Last term a girl was barred for carrying headache pills. School officials upheld the 15-year-old's expulsion, however, along with that of another student found with an antihistamine tablet.

In October, 2003 Nobel literature laureate JM Coetzee petitioned California's Supreme Court, contending that the violent poetry that led to a Silicon Valley teenager's expulsion from school and three-month incarceration was harmless self-expression.

Utah lawmakers plan to sponsor a state bill later this month that would modify a blanket drug ban in schools there, permitting students with a doctor's note to carry asthma inhalers. A Texas pupil was suspended and arrested under a similar policy last September, after passing his inhaler to a classmate who was having an attack.

Higher suspension rates are associated with higher dropout and juvenile delinquency incidences, according to a Harvard university study.

Zero tolerance often deprives teachers of discretion in administering punishment, said Delbert Elliott, director of the University of Colorado's centre for the study and prevention of violence.

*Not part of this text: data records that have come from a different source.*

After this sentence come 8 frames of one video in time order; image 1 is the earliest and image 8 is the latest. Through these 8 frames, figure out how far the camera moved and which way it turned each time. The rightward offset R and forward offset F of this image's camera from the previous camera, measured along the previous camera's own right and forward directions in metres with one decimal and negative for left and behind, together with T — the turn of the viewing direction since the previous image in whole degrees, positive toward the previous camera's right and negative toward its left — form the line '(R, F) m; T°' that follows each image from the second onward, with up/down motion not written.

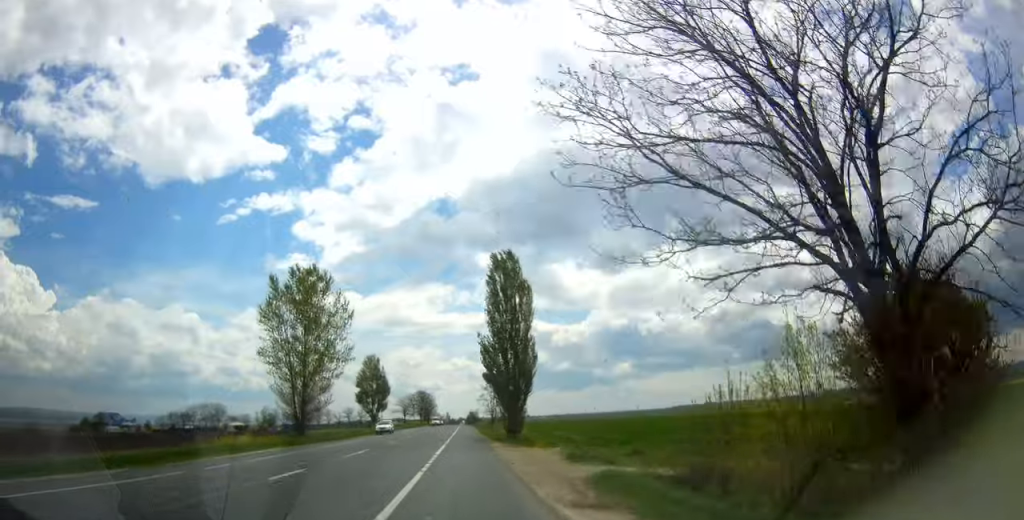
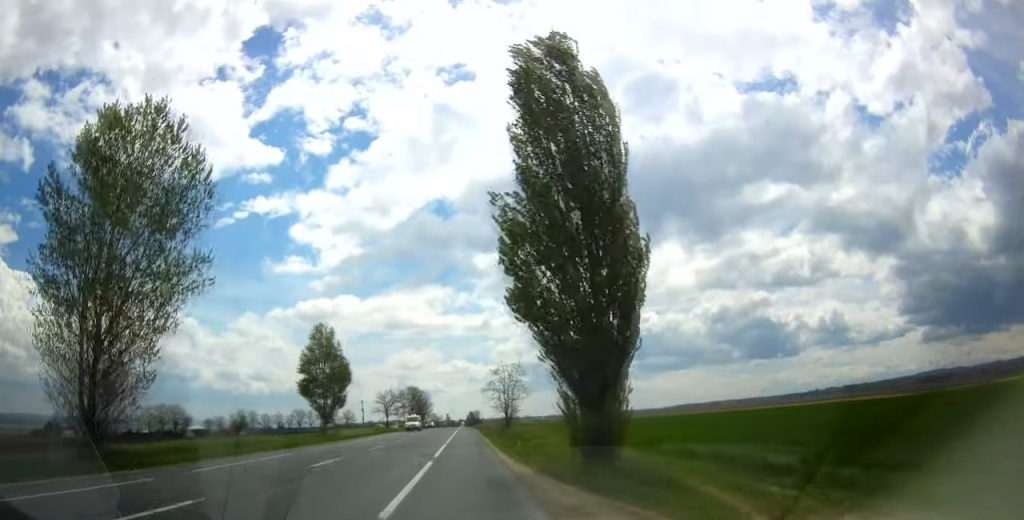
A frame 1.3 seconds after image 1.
(-0.1, +30.4) m; 0°
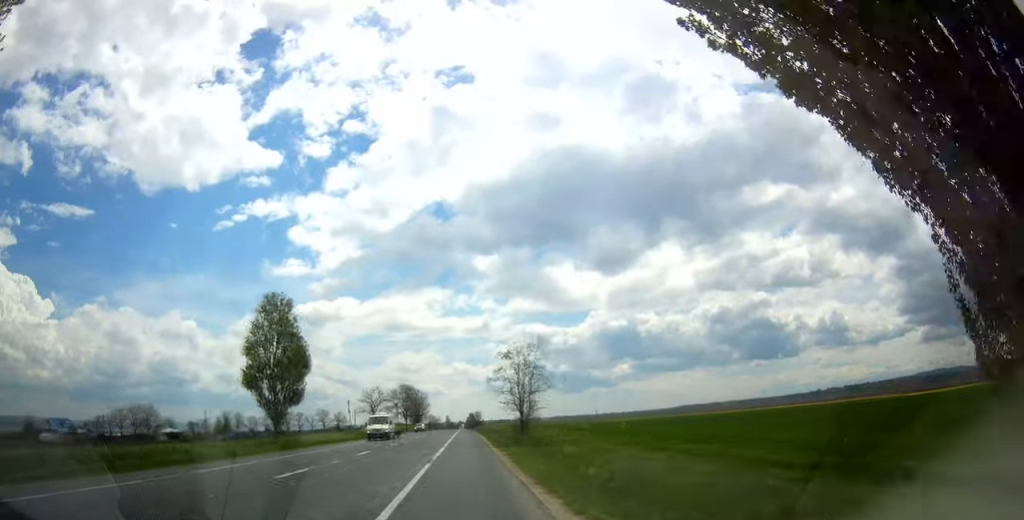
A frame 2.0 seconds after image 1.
(0.0, +15.7) m; 0°
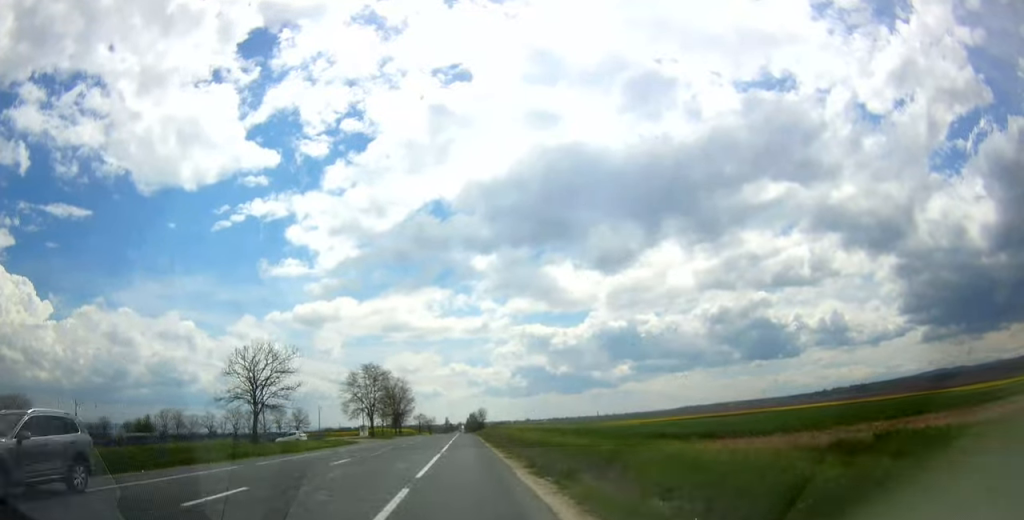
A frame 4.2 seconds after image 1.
(-0.4, +51.5) m; 0°
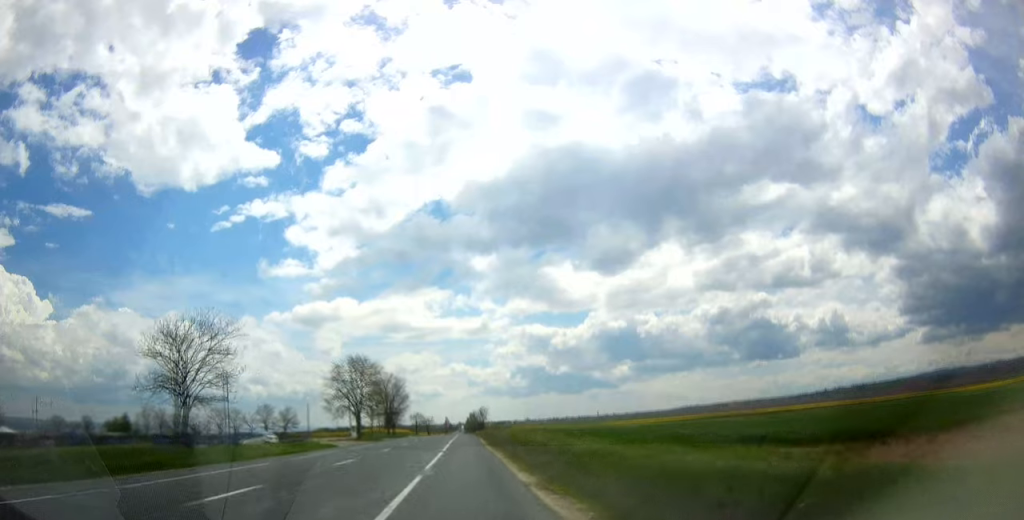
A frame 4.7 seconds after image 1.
(+0.3, +11.0) m; +1°
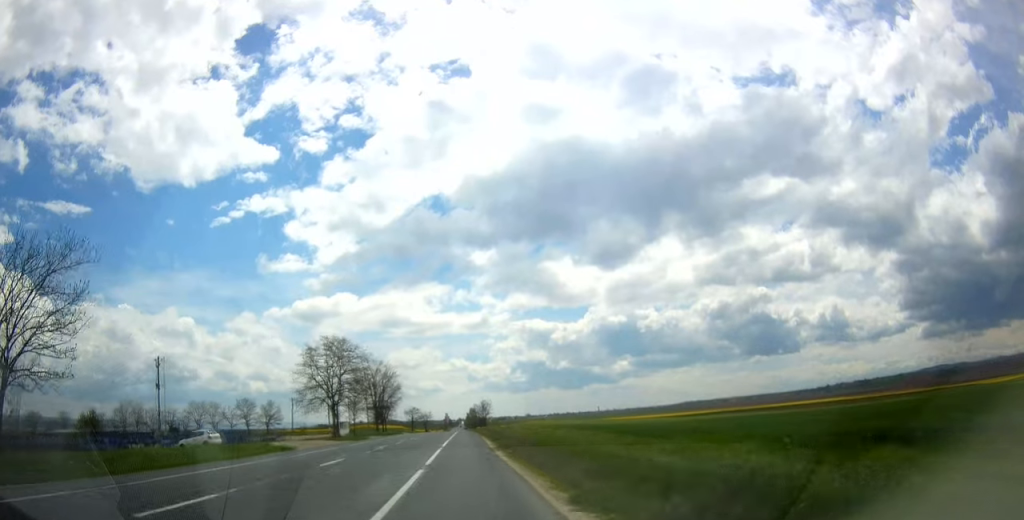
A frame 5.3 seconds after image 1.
(+0.2, +13.8) m; +1°
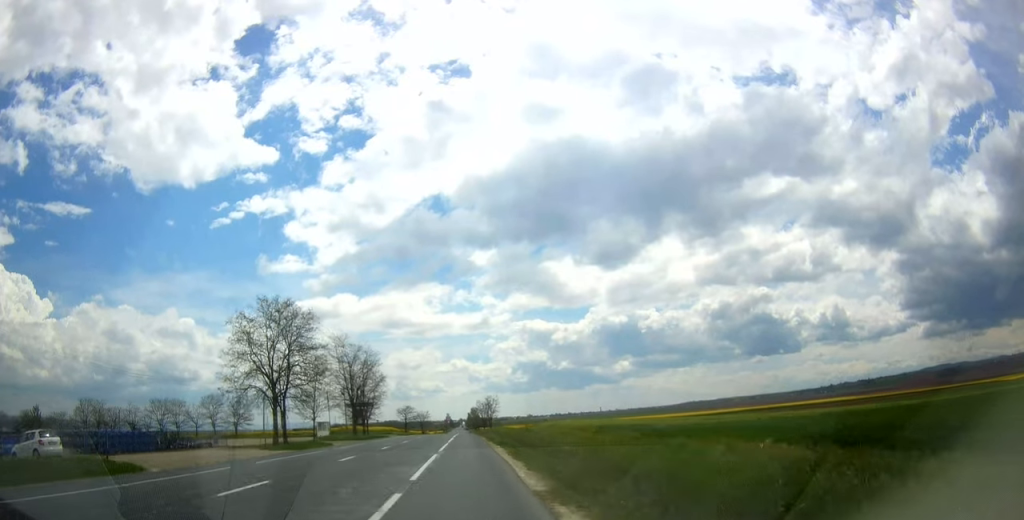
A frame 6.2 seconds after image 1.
(0.0, +20.2) m; -1°
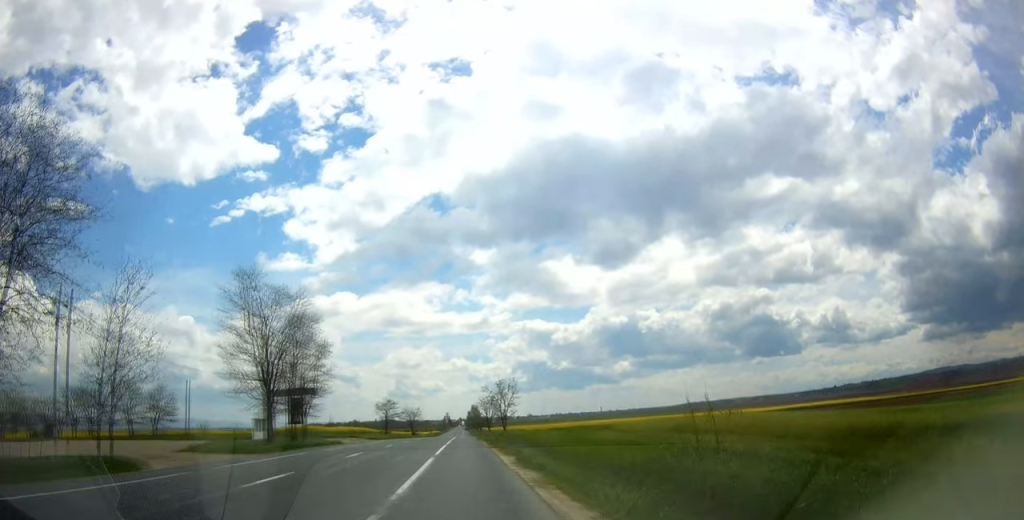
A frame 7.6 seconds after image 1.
(-0.6, +33.1) m; -1°

It dates back to Reagan-era drug policies in many cases, but a spate of deadly school shootings, including the 1999 Columbine massacre, have given it fresh impetus.

David Vodila, headteacher of Pennsylvania's Red Lion high school, understands better than most the high stakes of violence in America. Last April, his "good friend", the principal of neighbouring Red Lion junior high, was shot dead by a pupil, who then turned the gun on himself.

Mr Vodila doubted whether zero tolerance, in place at Red Lion juniors, deters students bent on serious crime. "The rule won't make a bit of difference if you're dealing with an insane act as we did - it didn't mean anything to the young man who did that terrible deed."

By contrast, Mr Vodila intervened recently to ensure an outstanding student who worked after school at a florist was not expelled for carrying a flower knife.